C'est précisément ce que mesure le drawdown. Cette métrique de risque calcule la perte maximale subie entre un point haut et un point bas de votre portefeuille d'investissement. Autrement dit, elle vous dit ce que vous auriez perdu si vous aviez investi au pire moment et vendu au pire moment. Pour un investisseur, c'est l'information la plus concrète qui soit.
Pourtant, le drawdown reste curieusement absent de la plupart des communications financières. Les gérants préfèrent parler de volatilité, les conseillers mettent en avant les performances moyennes, et les notices réglementaires noient le risque réel dans des formulations techniques. Résultat : vous construisez votre patrimoine avec une vision partielle du risque que vous prenez réellement.
Ce que le drawdown révèle (et que la volatilité cache)
La volatilité est la métrique de risque la plus utilisée en finance. Elle mesure l'ampleur des variations d'un actif autour de sa moyenne. Une volatilité de 15 % signifie que le prix fluctue généralement dans une fourchette de ±15 % autour de sa tendance centrale. C'est mathématiquement élégant, facile à calculer, et cela permet de comparer différents actifs.
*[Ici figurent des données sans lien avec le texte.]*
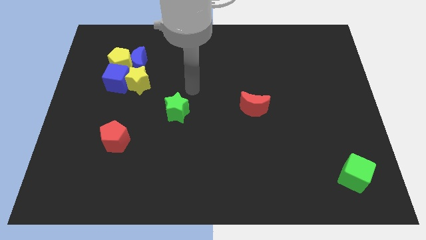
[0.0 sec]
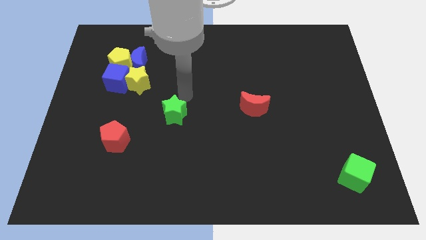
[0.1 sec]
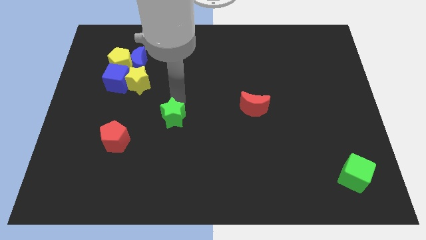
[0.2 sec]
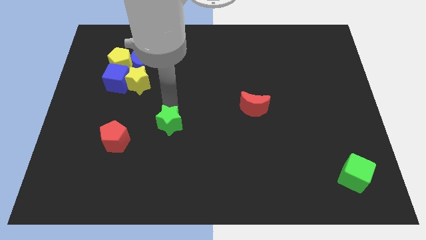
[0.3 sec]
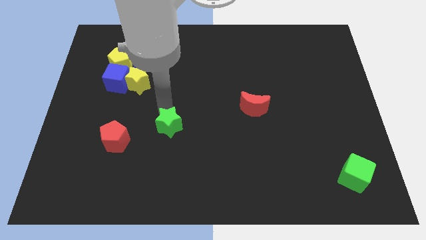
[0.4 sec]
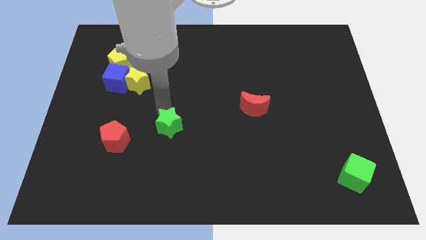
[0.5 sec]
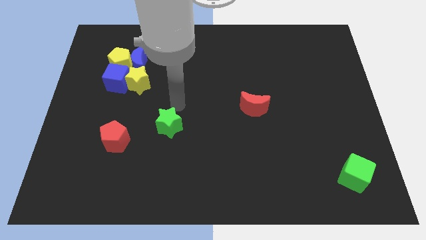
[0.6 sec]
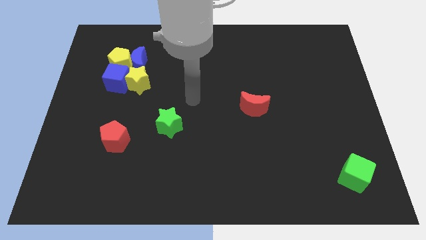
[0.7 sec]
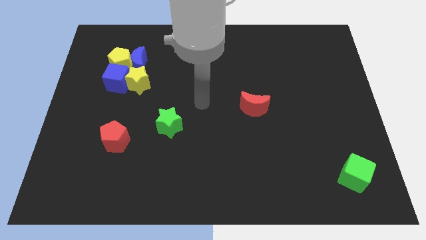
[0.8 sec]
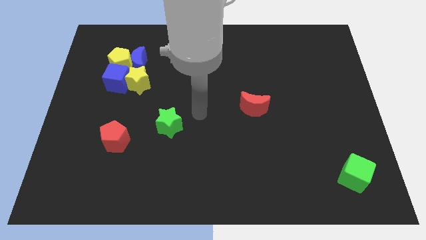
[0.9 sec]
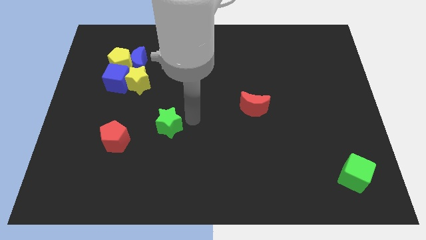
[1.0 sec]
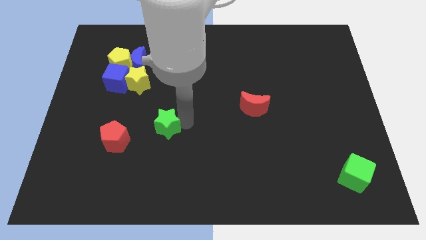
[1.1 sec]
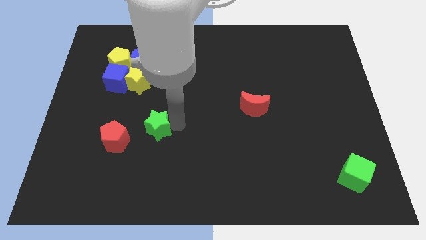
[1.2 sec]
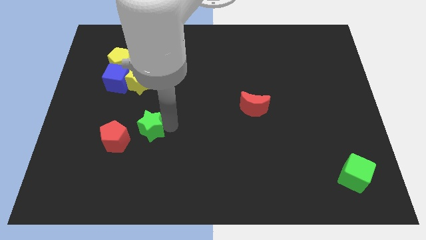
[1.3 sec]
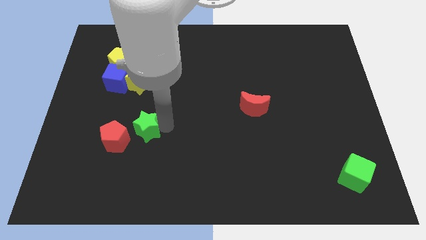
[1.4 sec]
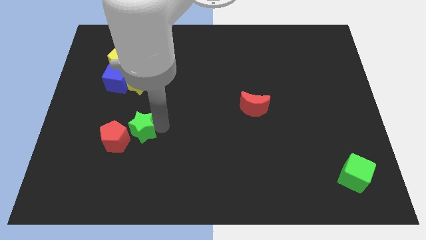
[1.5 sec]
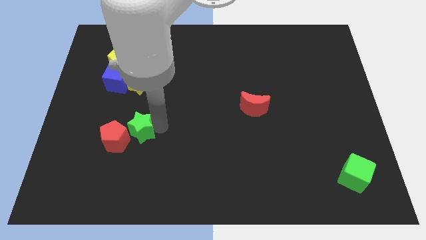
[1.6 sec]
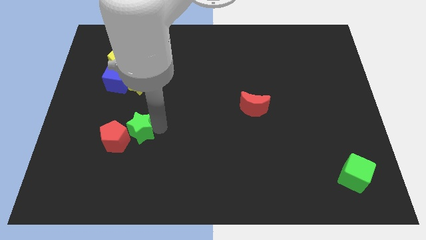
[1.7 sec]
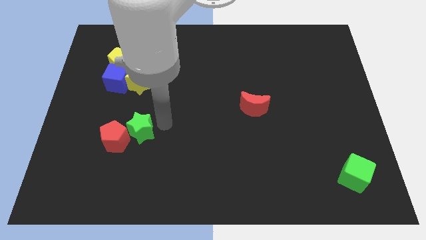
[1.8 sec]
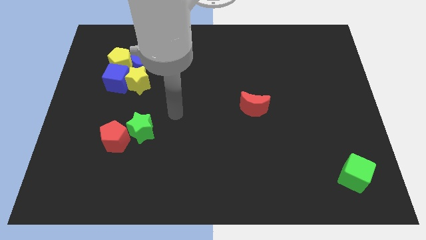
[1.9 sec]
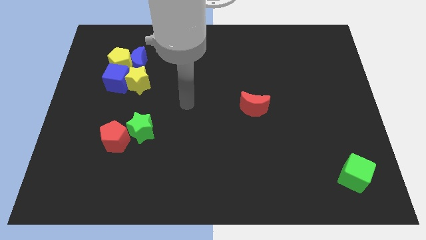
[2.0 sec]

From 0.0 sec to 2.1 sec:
slide green star into red pentagon

Le problème, c'est que la volatilité traite de la même manière les hausses et les baisses. Un actif qui monte de 20 % puis redescend de 10 % est considéré comme aussi volatil qu'un actif qui baisse de 20 % puis remonte de 10 %. Or, en tant qu'investisseur, vous ne vivez pas ces deux scénarios de la même façon. La baisse de 20 % vous fait perdre de l'argent. La hausse de 20 % vous en fait gagner. Ce n'est pas symétrique.
Le drawdown, lui, se concentre uniquement sur les pertes. Il mesure la distance entre le sommet atteint par votre portefeuille et le point le plus bas qui a suivi. Prenons un exemple concret. Vous investissez 100 000 € en janvier 2020. Votre portefeuille monte à 115 000 € en février, puis s'effondre à 85 000 € en mars lors du choc Covid. Le drawdown est de 26 % (calculé depuis le plus haut à 115 000 €, pas depuis votre investissement initial). C'est cette chute de 30 000 € que vous avez réellement vécue. C'est elle qui vous a fait hésiter, perdre le sommeil, peut-être vendre au plus mal.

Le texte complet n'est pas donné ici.